Света уже отошла от наркоза. Екатерина поздравила ее и поцеловала. Достала золотые сережки:
– Это тебе подарок.
Прежде чем пустить Екатерину в бокс к новорожденному, ее экипировали, как космонавта, в одноразовые стерильные халат, шапочку и бахилы. Она подошла к кроватке. Лежит на бочку ангелочек, точь-в-точь, как на картинке. Головка красиво повязана платочком, из-под него выбилась светленькая кудряшка. Спит. Глазки закрыты, от огромных ресниц на щечки падает тень. Екатерина как уставилась на него, так и застыла, не в состоянии произнести ни слова.

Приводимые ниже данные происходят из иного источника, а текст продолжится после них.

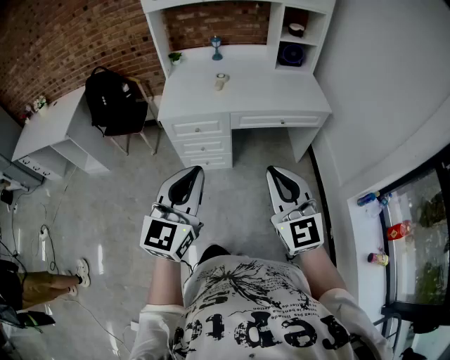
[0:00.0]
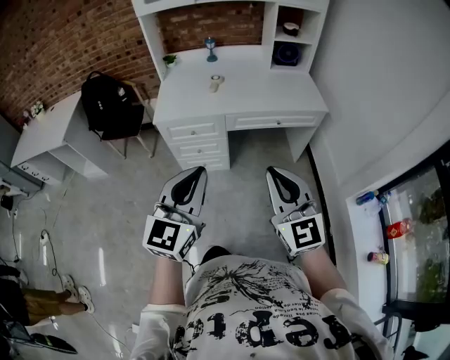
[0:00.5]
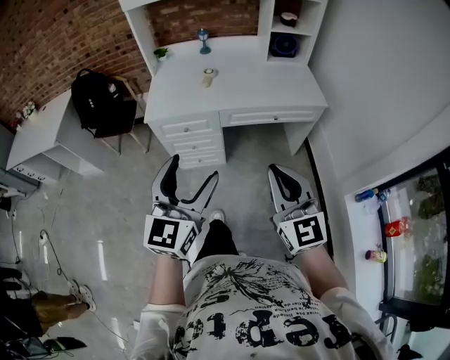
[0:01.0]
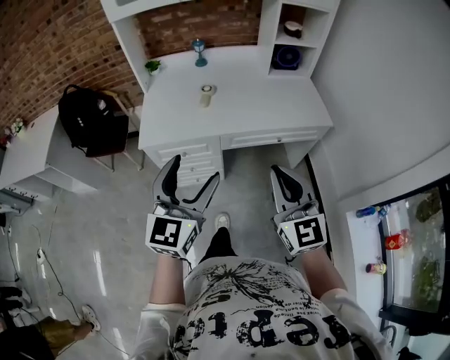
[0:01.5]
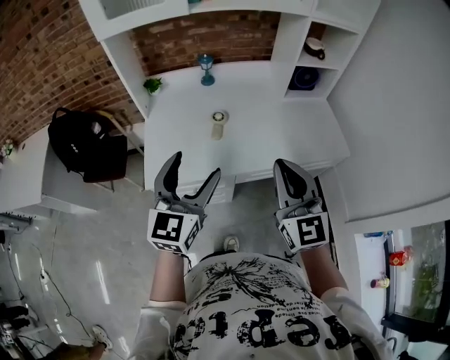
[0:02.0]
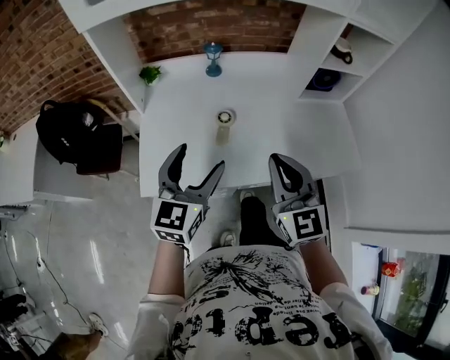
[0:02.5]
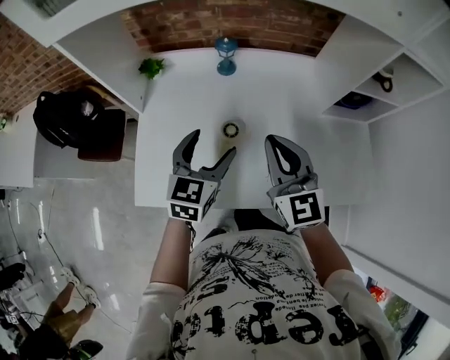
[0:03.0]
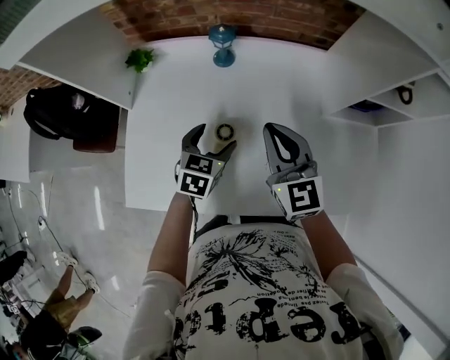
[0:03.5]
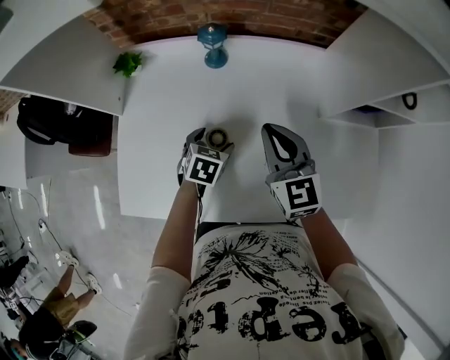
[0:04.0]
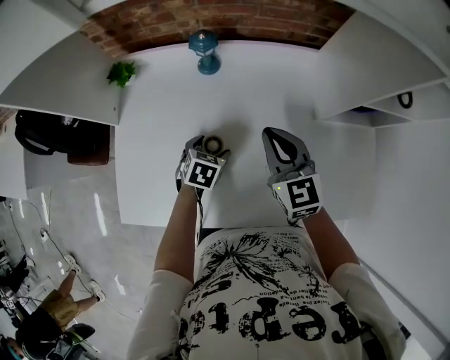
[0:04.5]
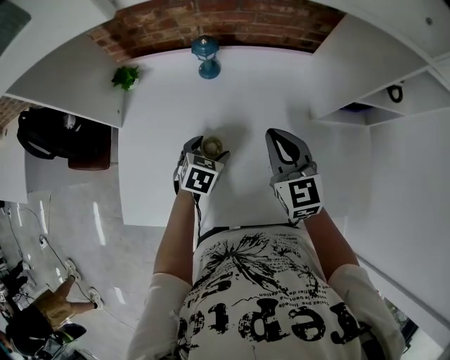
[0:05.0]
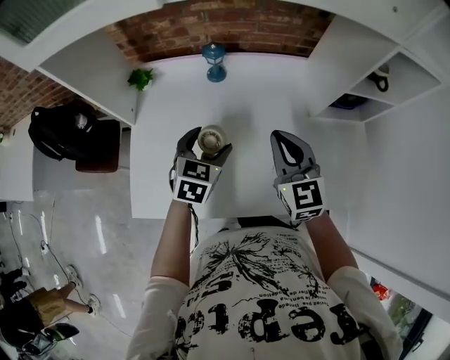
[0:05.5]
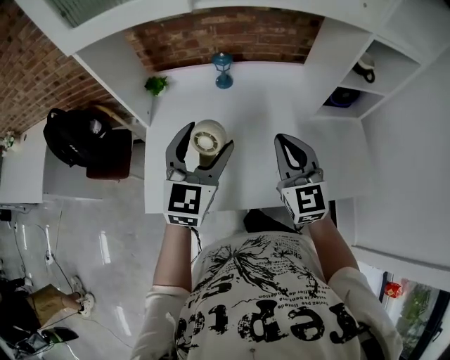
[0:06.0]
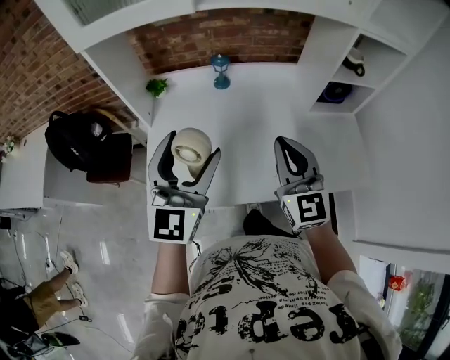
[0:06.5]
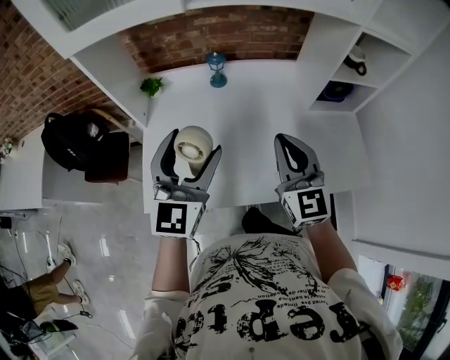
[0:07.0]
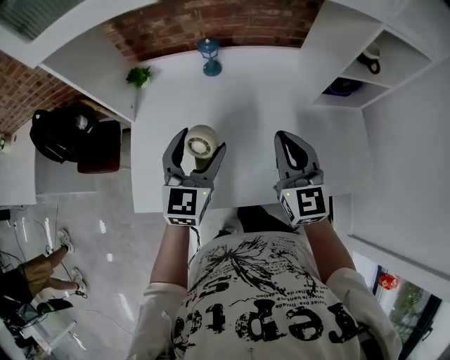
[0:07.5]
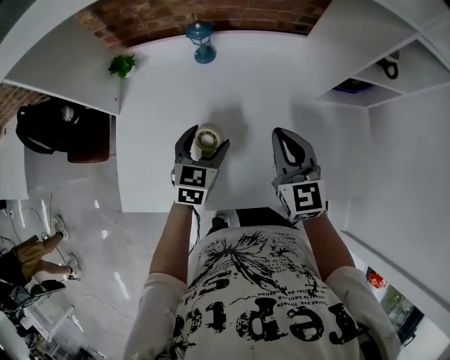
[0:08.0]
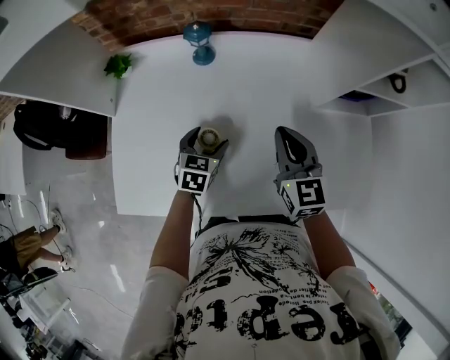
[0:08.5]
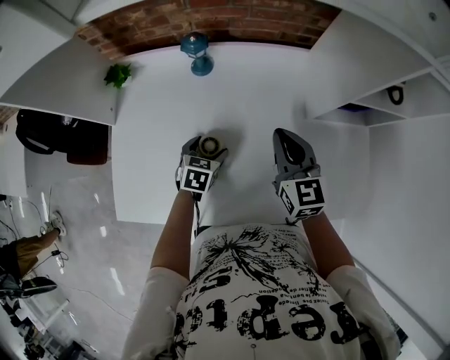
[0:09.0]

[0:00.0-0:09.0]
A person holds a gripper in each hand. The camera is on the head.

– Не надо на него так пристально смотреть, – строго сказала Галина.
И тут малыш открыл глаза и, как показалось Екатерине, внимательно посмотрел на нее. Она не сразу поняла, какого цвета у него глаза. Потом разглядела – карие, как у Дениса и у нее самой. А кудряшки белые и курносый носик, видно, пошли в материну породу.